**Dataset records**:
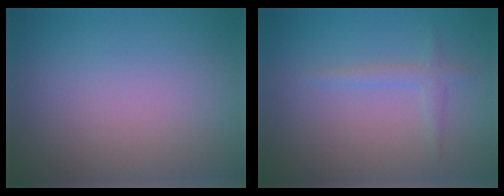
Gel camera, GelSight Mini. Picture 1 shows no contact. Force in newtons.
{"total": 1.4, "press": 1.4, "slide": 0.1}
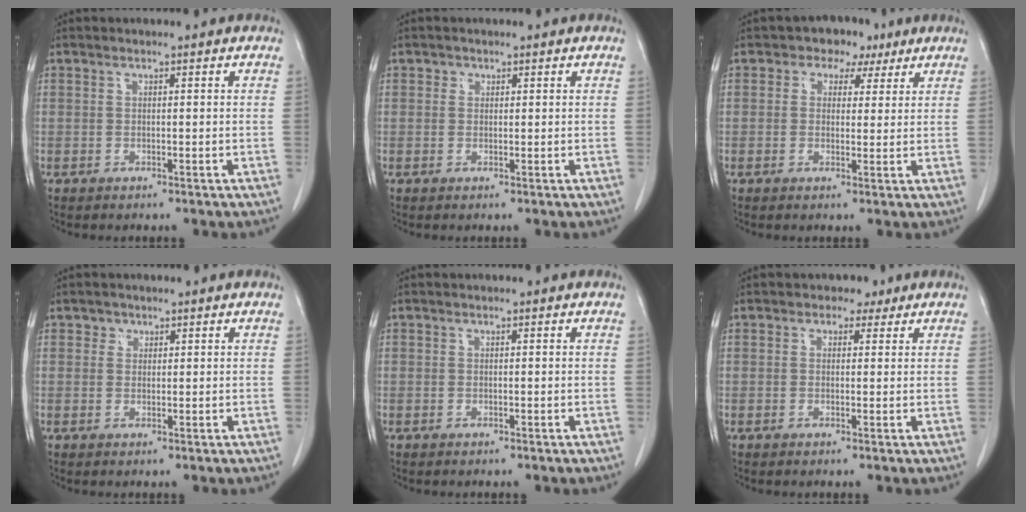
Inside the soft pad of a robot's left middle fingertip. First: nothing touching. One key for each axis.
* * *
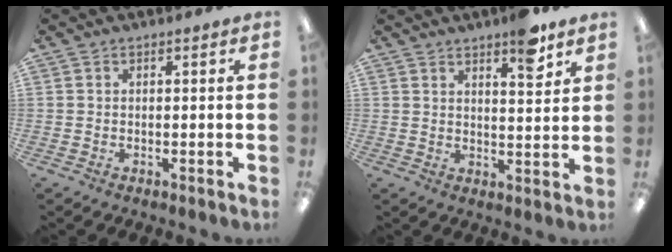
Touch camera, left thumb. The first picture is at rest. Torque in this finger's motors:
* * *
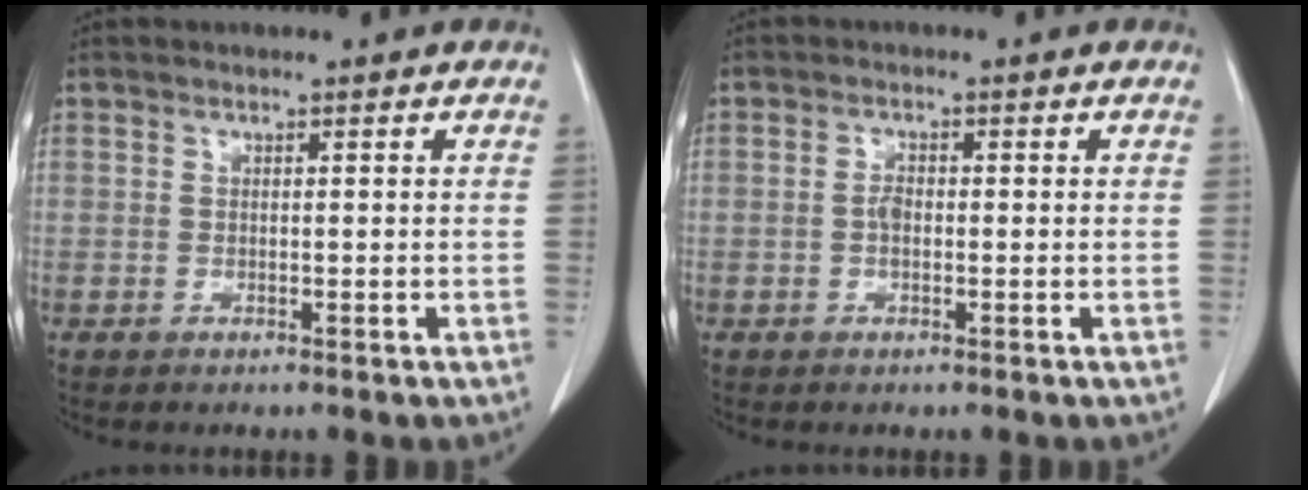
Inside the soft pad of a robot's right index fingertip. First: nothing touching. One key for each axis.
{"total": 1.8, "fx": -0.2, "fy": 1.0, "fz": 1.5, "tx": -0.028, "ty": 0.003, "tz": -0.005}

**What you need to do**:
Scan the entries above for the word "left" and collect each line holding it.

**Reply to the task**:
Inside the soft pad of a robot's left middle fingertip. First: nothing touching. One key for each axis.
Touch camera, left thumb. The first picture is at rest. Torque in this finger's motors:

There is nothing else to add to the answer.